● Exercise instructions: Take every record and write it out again exactly, with no images included.

--- START ---

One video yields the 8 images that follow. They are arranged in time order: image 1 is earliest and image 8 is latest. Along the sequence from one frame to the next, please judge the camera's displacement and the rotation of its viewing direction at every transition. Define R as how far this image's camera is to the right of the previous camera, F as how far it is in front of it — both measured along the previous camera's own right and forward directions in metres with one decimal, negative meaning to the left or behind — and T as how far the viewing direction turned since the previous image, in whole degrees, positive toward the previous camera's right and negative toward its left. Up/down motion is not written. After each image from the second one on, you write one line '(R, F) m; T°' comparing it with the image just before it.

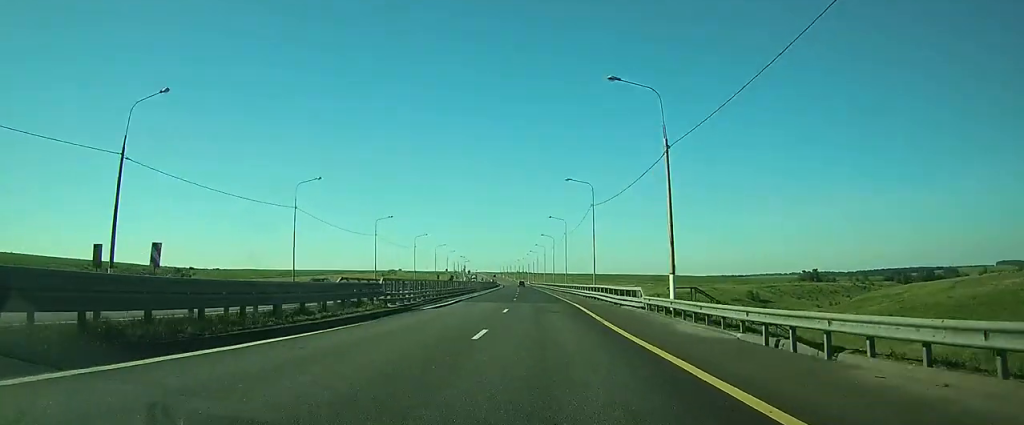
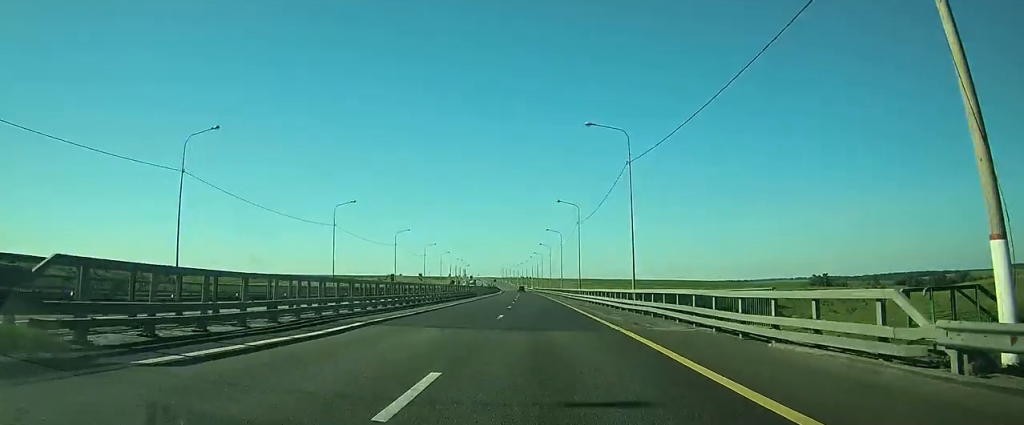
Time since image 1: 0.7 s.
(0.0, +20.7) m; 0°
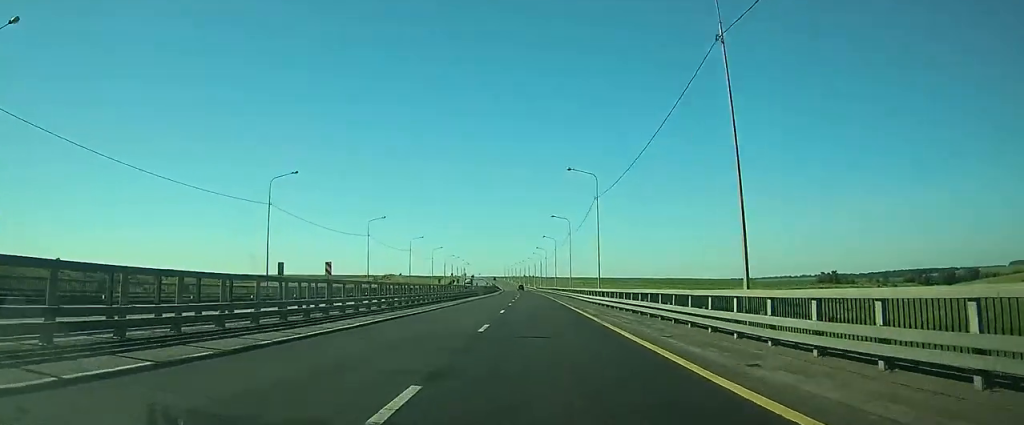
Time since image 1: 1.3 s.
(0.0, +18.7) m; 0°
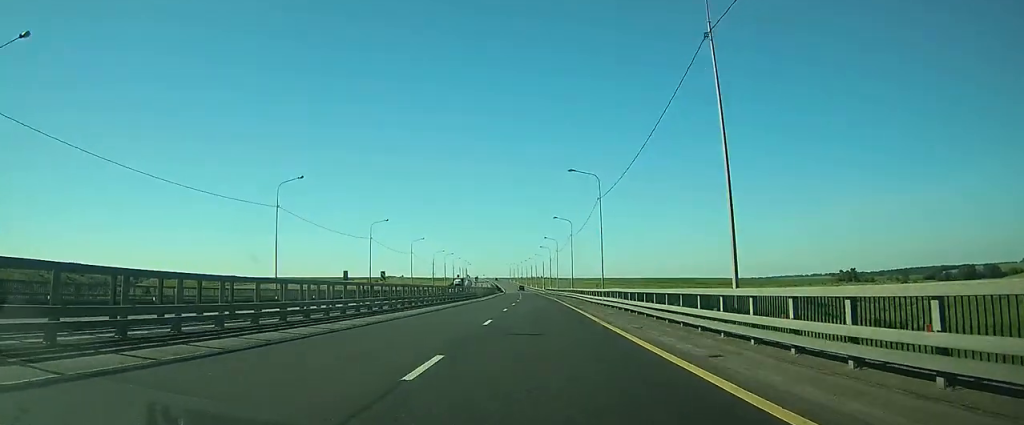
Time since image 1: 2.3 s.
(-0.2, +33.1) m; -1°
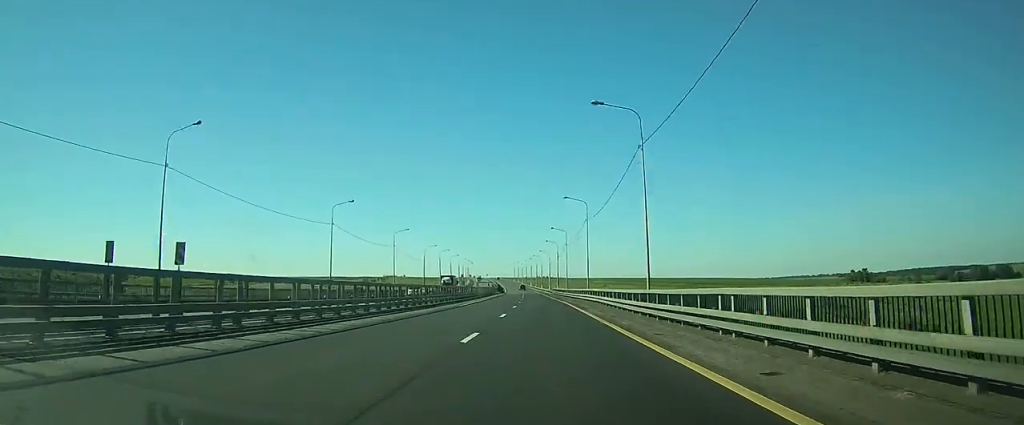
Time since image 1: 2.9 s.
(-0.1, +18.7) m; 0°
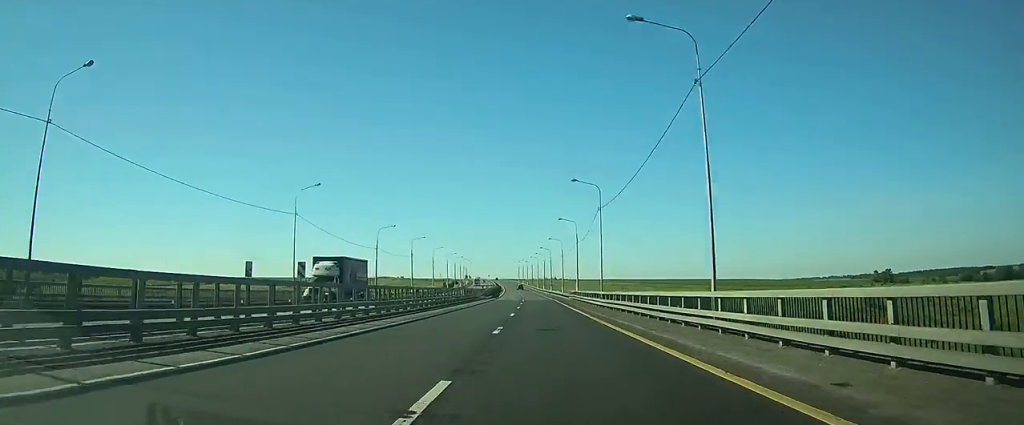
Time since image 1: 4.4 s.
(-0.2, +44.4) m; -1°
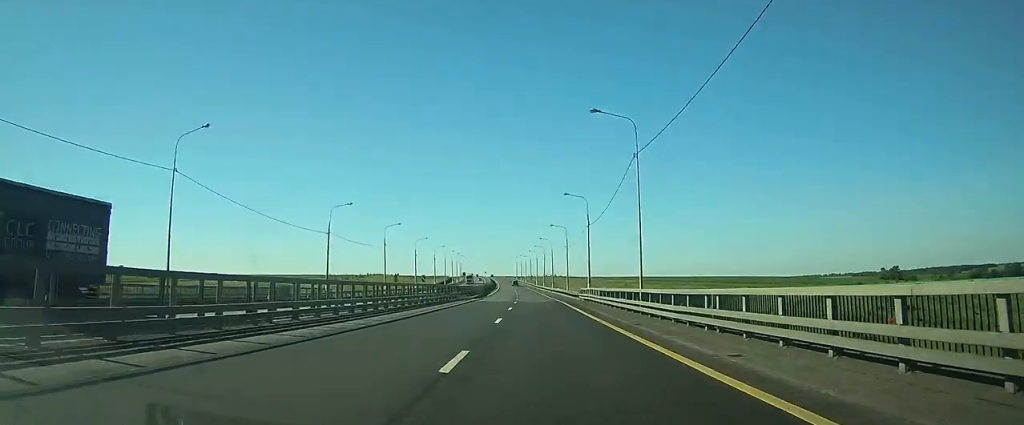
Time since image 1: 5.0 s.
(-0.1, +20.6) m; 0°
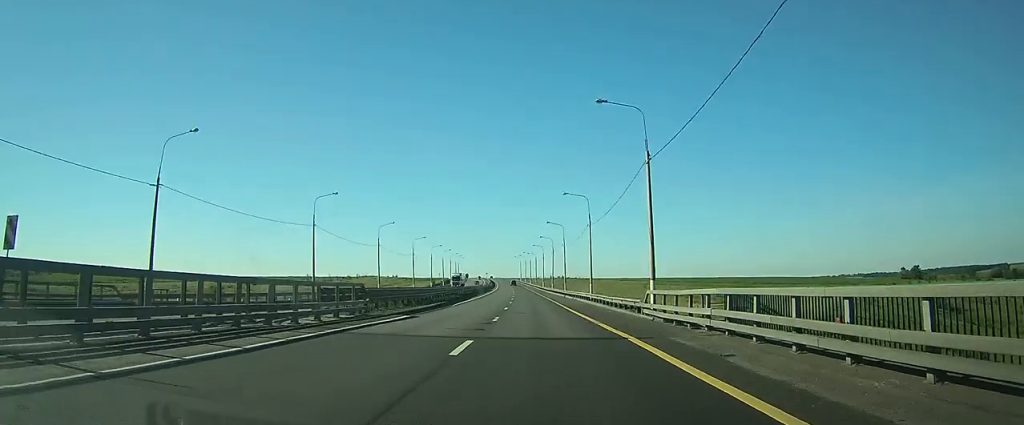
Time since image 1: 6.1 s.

--- END ---

● Solution for this task:
One video yields the 8 images that follow. They are arranged in time order: image 1 is earliest and image 8 is latest. Along the sequence from one frame to the next, please judge the camera's displacement and the rotation of its viewing direction at every transition. Define R as how far this image's camera is to the right of the previous camera, F as how far it is in front of it — both measured along the previous camera's own right and forward directions in metres with one decimal, negative meaning to the left or behind — and T as how far the viewing direction turned since the previous image, in whole degrees, positive toward the previous camera's right and negative toward its left. Up/down motion is not written. After each image from the second one on, you write one line '(R, F) m; T°' comparing it with the image just before it.

Time since image 1: 0.7 s.
(0.0, +20.7) m; 0°
Time since image 1: 1.3 s.
(0.0, +18.7) m; 0°
Time since image 1: 2.3 s.
(-0.2, +33.1) m; -1°
Time since image 1: 2.9 s.
(-0.1, +18.7) m; 0°
Time since image 1: 4.4 s.
(-0.2, +44.4) m; -1°
Time since image 1: 5.0 s.
(-0.1, +20.6) m; 0°
Time since image 1: 6.1 s.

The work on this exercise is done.